The East African component of the International Corpus of English

Corpus design

The East African component of the International Corpus of English (ICE-EA) is a database of written and spoken material from Kenya and Tanzania. All material was collected in the period between 1991 and 1996. The spoken component consists of (inter alia) transcriptions of informal conversations, classroom discussions, broadcast discussions and interviews and monologues. The written component includes newspaper articles, short stories and novels, informal and business letters, academic articles, monographs and other material. When compiling this corpus we followed the ICE stipulations as closely as possible to make a comparison with corpora of other varieties possible. At some points a few minor modifications of categories were necessary for two reasons: For example, it was difficult to acquire a sufficient number of texts for the natural science category because there are simply not enough monographs of this sort written and published by East Africans. English radio programmes can be recorded in both countries, but there are far fewer listeners in Tanzania because Swahili is the preferred language in every day conversations.

Another important modification of this corpus is its size: whereas the ICE guidelines only require 200 texts (i.e. 400,000 words) in the written components of each subcorpus, we decided to compile parallel written corpora for Kenya and Tanzania, thus producing 800,000 words of written data for East African English.

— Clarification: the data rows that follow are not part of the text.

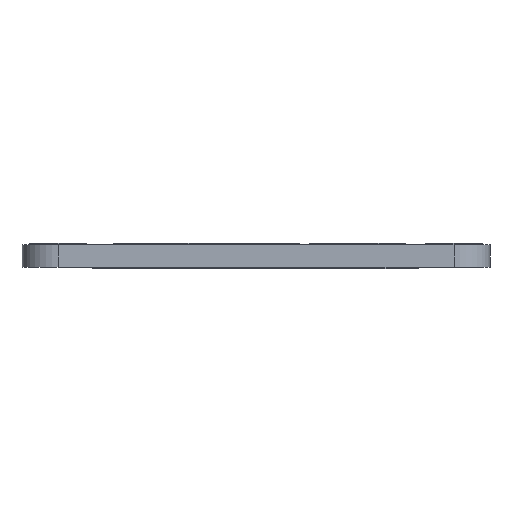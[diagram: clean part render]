
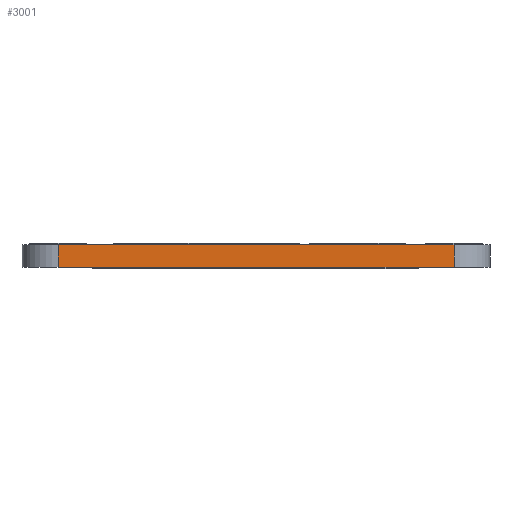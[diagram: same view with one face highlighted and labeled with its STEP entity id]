
A CAD part, left-side view. The second image highlights one B-rep face of the part: STEP entity #3001.
In plain terms, the highlighted planar face has unit normal (-1, 0, 0).
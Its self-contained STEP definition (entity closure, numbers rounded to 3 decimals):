
#309=PLANE('',#3485);
#470=FACE_OUTER_BOUND('',#632,.T.);
#632=EDGE_LOOP('',(#2300,#2301,#2302,#2303));
#888=LINE('',#4866,#1168);
#889=LINE('',#4869,#1169);
#890=LINE('',#4871,#1170);
#891=LINE('',#4872,#1171);
#1168=VECTOR('',#4001,10.);
#1169=VECTOR('',#4004,10.);
#1170=VECTOR('',#4005,10.);
#1171=VECTOR('',#4006,10.);
#1580=VERTEX_POINT('',#4862);
#1581=VERTEX_POINT('',#4864);
#1582=VERTEX_POINT('',#4868);
#1583=VERTEX_POINT('',#4870);
#1878=EDGE_CURVE('',#1580,#1581,#888,.T.);
#1879=EDGE_CURVE('',#1582,#1580,#889,.T.);
#1880=EDGE_CURVE('',#1583,#1581,#890,.T.);
#1881=EDGE_CURVE('',#1582,#1583,#891,.T.);
#2300=ORIENTED_EDGE('',*,*,#1879,.T.);
#2301=ORIENTED_EDGE('',*,*,#1878,.T.);
#2302=ORIENTED_EDGE('',*,*,#1880,.F.);
#2303=ORIENTED_EDGE('',*,*,#1881,.F.);
#3001=ADVANCED_FACE('',(#470),#309,.T.);
#3485=AXIS2_PLACEMENT_3D('',#4867,#4002,#4003);
#4001=DIRECTION('',(0.,0.,1.));
#4002=DIRECTION('center_axis',(-1.,0.,0.));
#4003=DIRECTION('ref_axis',(0.,-1.,0.));
#4004=DIRECTION('',(0.,-1.,0.));
#4005=DIRECTION('',(0.,-1.,0.));
#4006=DIRECTION('',(0.,0.,1.));
#4862=CARTESIAN_POINT('',(0.,2.54,0.));
#4864=CARTESIAN_POINT('',(0.,2.54,1.57));
#4866=CARTESIAN_POINT('',(0.,2.54,0.));
#4867=CARTESIAN_POINT('Origin',(0.,30.48,0.));
#4868=CARTESIAN_POINT('',(0.,30.48,0.));
#4869=CARTESIAN_POINT('',(0.,30.48,0.));
#4870=CARTESIAN_POINT('',(0.,30.48,1.57));
#4871=CARTESIAN_POINT('',(0.,30.48,1.57));
#4872=CARTESIAN_POINT('',(0.,30.48,0.));
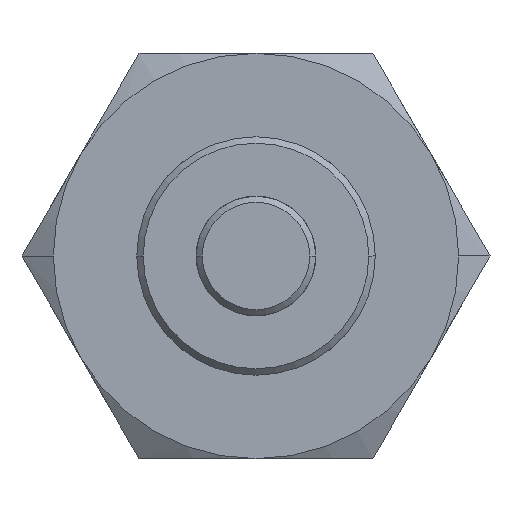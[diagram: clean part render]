
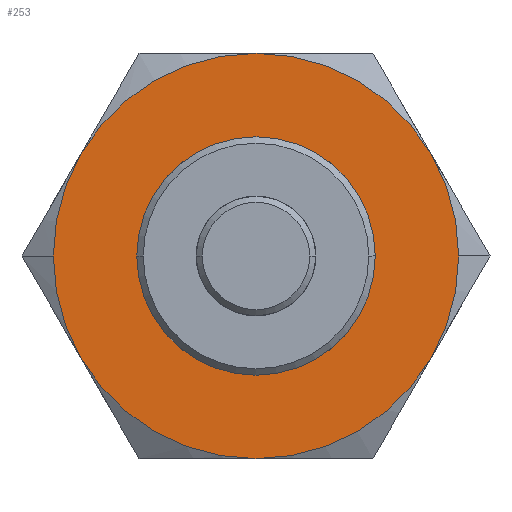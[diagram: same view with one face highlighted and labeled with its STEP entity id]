
A CAD part, front view. The second image highlights one B-rep face of the part: STEP entity #253.
In plain terms, the highlighted planar face has unit normal (0, -1, 0).
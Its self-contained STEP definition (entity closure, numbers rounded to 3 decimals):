
#253=ADVANCED_FACE('',(#494,#495),#496,.T.);
#494=FACE_OUTER_BOUND('',#739,.T.);
#495=FACE_BOUND('',#740,.T.);
#496=PLANE('',#741);
#739=EDGE_LOOP('',(#1316,#1317,#1318,#1319,#1320,#1321,#1322,#1323));
#740=EDGE_LOOP('',(#1324,#1325));
#741=AXIS2_PLACEMENT_3D('',#1326,#1327,#1328);
#1316=ORIENTED_EDGE('',*,*,#1587,.F.);
#1317=ORIENTED_EDGE('',*,*,#1568,.F.);
#1318=ORIENTED_EDGE('',*,*,#1572,.F.);
#1319=ORIENTED_EDGE('',*,*,#1575,.F.);
#1320=ORIENTED_EDGE('',*,*,#1565,.F.);
#1321=ORIENTED_EDGE('',*,*,#1580,.F.);
#1322=ORIENTED_EDGE('',*,*,#1584,.F.);
#1323=ORIENTED_EDGE('',*,*,#1560,.F.);
#1324=ORIENTED_EDGE('',*,*,#1617,.T.);
#1325=ORIENTED_EDGE('',*,*,#1539,.T.);
#1326=CARTESIAN_POINT('',(6.75,11.0,0.0));
#1327=DIRECTION('',(0.0,-1.0,0.0));
#1328=DIRECTION('',(-1.0,0.0,0.0));
#1539=EDGE_CURVE('',#1849,#1846,#1850,.T.);
#1560=EDGE_CURVE('',#1881,#1884,#1885,.T.);
#1565=EDGE_CURVE('',#1891,#1889,#1893,.T.);
#1568=EDGE_CURVE('',#1896,#1898,#1899,.T.);
#1572=EDGE_CURVE('',#1903,#1896,#1905,.T.);
#1575=EDGE_CURVE('',#1889,#1903,#1908,.T.);
#1580=EDGE_CURVE('',#1913,#1891,#1915,.T.);
#1584=EDGE_CURVE('',#1884,#1913,#1920,.T.);
#1587=EDGE_CURVE('',#1898,#1881,#1923,.T.);
#1617=EDGE_CURVE('',#1846,#1849,#1961,.T.);
#1846=VERTEX_POINT('',#2338);
#1849=VERTEX_POINT('',#2342);
#1850=CIRCLE('',#2343,5.0);
#1881=VERTEX_POINT('',#2403);
#1884=VERTEX_POINT('',#2407);
#1885=CIRCLE('',#2408,8.5);
#1889=VERTEX_POINT('',#2423);
#1891=VERTEX_POINT('',#2426);
#1893=CIRCLE('',#2439,8.5);
#1896=VERTEX_POINT('',#2442);
#1898=VERTEX_POINT('',#2455);
#1899=CIRCLE('',#2456,8.5);
#1903=VERTEX_POINT('',#2471);
#1905=CIRCLE('',#2484,8.5);
#1908=CIRCLE('',#2498,8.5);
#1913=VERTEX_POINT('',#2525);
#1915=CIRCLE('',#2538,8.5);
#1920=CIRCLE('',#2565,8.5);
#1923=CIRCLE('',#2579,8.5);
#1961=CIRCLE('',#2727,5.0);
#2338=CARTESIAN_POINT('',(5.0,11.0,0.0));
#2342=CARTESIAN_POINT('',(-5.0,11.0,0.));
#2343=AXIS2_PLACEMENT_3D('',#2950,#2951,#2952);
#2403=CARTESIAN_POINT('',(8.5,11.0,0.));
#2407=CARTESIAN_POINT('',(7.361,11.0,-4.25));
#2408=AXIS2_PLACEMENT_3D('',#2976,#2977,#2978);
#2423=CARTESIAN_POINT('',(-8.5,11.0,0.));
#2426=CARTESIAN_POINT('',(-7.361,11.0,-4.25));
#2439=AXIS2_PLACEMENT_3D('',#2980,#2981,#2982);
#2442=CARTESIAN_POINT('',(0.,11.0,8.5));
#2455=CARTESIAN_POINT('',(7.361,11.0,4.25));
#2456=AXIS2_PLACEMENT_3D('',#2983,#2984,#2985);
#2471=CARTESIAN_POINT('',(-7.361,11.0,4.25));
#2484=AXIS2_PLACEMENT_3D('',#2986,#2987,#2988);
#2498=AXIS2_PLACEMENT_3D('',#2989,#2990,#2991);
#2525=CARTESIAN_POINT('',(0.0,11.0,-8.5));
#2538=AXIS2_PLACEMENT_3D('',#2992,#2993,#2994);
#2565=AXIS2_PLACEMENT_3D('',#2995,#2996,#2997);
#2579=AXIS2_PLACEMENT_3D('',#2998,#2999,#3000);
#2727=AXIS2_PLACEMENT_3D('',#3028,#3029,#3030);
#2950=CARTESIAN_POINT('',(0.0,11.0,0.0));
#2951=DIRECTION('',(-0.0,1.0,0.0));
#2952=DIRECTION('',(1.0,0.0,0.0));
#2976=CARTESIAN_POINT('',(0.0,11.0,0.0));
#2977=DIRECTION('',(-0.0,1.0,0.0));
#2978=DIRECTION('',(1.0,0.0,0.0));
#2980=CARTESIAN_POINT('',(0.0,11.0,0.0));
#2981=DIRECTION('',(-0.0,1.0,0.0));
#2982=DIRECTION('',(1.0,0.0,0.0));
#2983=CARTESIAN_POINT('',(0.0,11.0,0.0));
#2984=DIRECTION('',(-0.0,1.0,0.0));
#2985=DIRECTION('',(1.0,0.0,0.0));
#2986=CARTESIAN_POINT('',(0.0,11.0,0.0));
#2987=DIRECTION('',(-0.0,1.0,0.0));
#2988=DIRECTION('',(1.0,0.0,0.0));
#2989=CARTESIAN_POINT('',(0.0,11.0,0.0));
#2990=DIRECTION('',(-0.0,1.0,0.0));
#2991=DIRECTION('',(1.0,0.0,0.0));
#2992=CARTESIAN_POINT('',(0.0,11.0,0.0));
#2993=DIRECTION('',(-0.0,1.0,0.0));
#2994=DIRECTION('',(1.0,0.0,0.0));
#2995=CARTESIAN_POINT('',(0.0,11.0,0.0));
#2996=DIRECTION('',(-0.0,1.0,0.0));
#2997=DIRECTION('',(1.0,0.0,0.0));
#2998=CARTESIAN_POINT('',(0.0,11.0,0.0));
#2999=DIRECTION('',(-0.0,1.0,0.0));
#3000=DIRECTION('',(1.0,0.0,0.0));
#3028=CARTESIAN_POINT('',(0.0,11.0,0.0));
#3029=DIRECTION('',(-0.0,1.0,0.0));
#3030=DIRECTION('',(1.0,0.0,0.0));

One of the reasons for doing this was that the linguistic situation in Kenya and Tanzania differs to such an extent that we considered it to be necessary to represent both varieties of written English fully. English is, certainly, a second language variety in Kenya (ESL) but classification of the position of the language in Tanzania is not clear-cut. In both countries, English is prestigious, being the language of secondary and tertiary education and the High Court, but Kiswahili is the language used in Parliament and government institutions in Tanzania. English serves as a lingua franca between people of various ethnic groups in Kenya, particularly in bigger towns, and the capital, Nairobi, but Kiswahili fulfils this function in Tanzania.

The accompanying manual provides a comprehensive description of all text categories with special reference to ICE-East Africa, in addition to lists of all the texts used, background information on the speakers and authors where this could be obtained. The manual is published with the corpus on the new ICAME CD-ROM.